## WORK TO COMPLETE
Each entry below must be repeated exactly, with pictures left out.

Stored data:
>>>

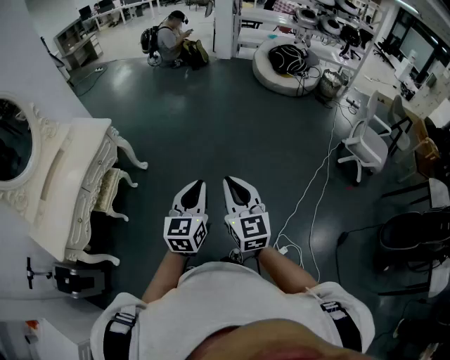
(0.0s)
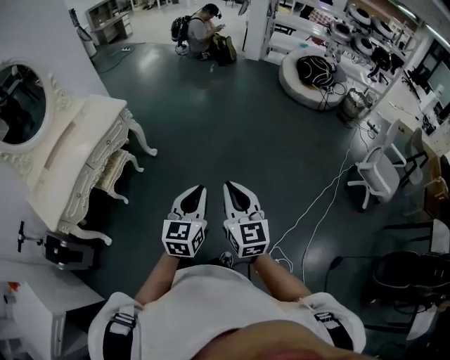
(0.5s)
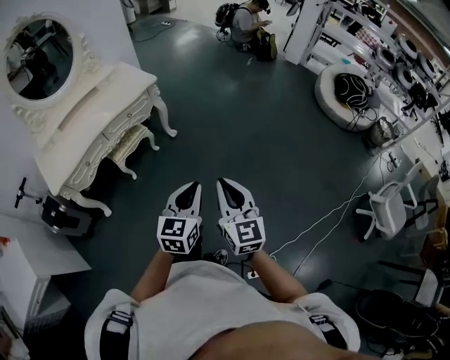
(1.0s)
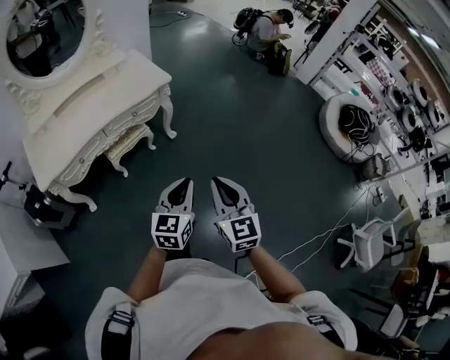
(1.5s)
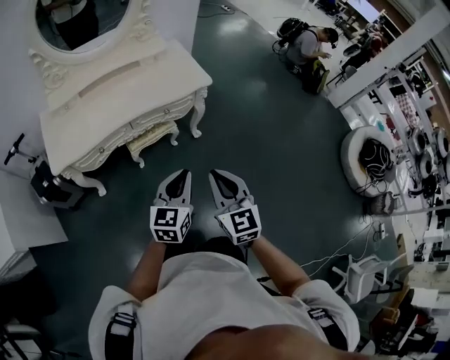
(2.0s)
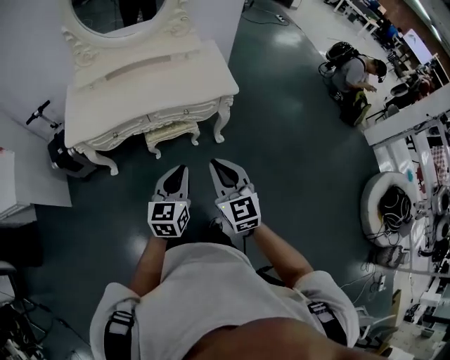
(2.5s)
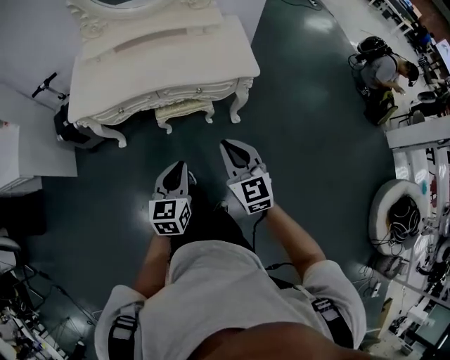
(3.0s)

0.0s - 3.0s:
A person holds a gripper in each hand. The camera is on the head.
0.0s - 1.5s: The left gripper changes place by approximately 25 cm, and swivels some 30 degrees. Meanwhile the right gripper ends up about 25 cm from where it was, and changes its angle by some 30 degrees.
1.5s - 3.0s: The left gripper changes place by some 20 cm, and turns by approximately 40 degrees, while the right gripper changes place by roughly 30 cm, and changes its angle by approximately 40 degrees.

<<<

## WRITTEN RESPONSE
(0.0s)
(0.5s)
(1.0s)
(1.5s)
(2.0s)
(2.5s)
(3.0s)

0.0s - 3.0s:
A person holds a gripper in each hand. The camera is on the head.
0.0s - 1.5s: The left gripper changes place by approximately 25 cm, and swivels some 30 degrees. Meanwhile the right gripper ends up about 25 cm from where it was, and changes its angle by some 30 degrees.
1.5s - 3.0s: The left gripper changes place by some 20 cm, and turns by approximately 40 degrees, while the right gripper changes place by roughly 30 cm, and changes its angle by approximately 40 degrees.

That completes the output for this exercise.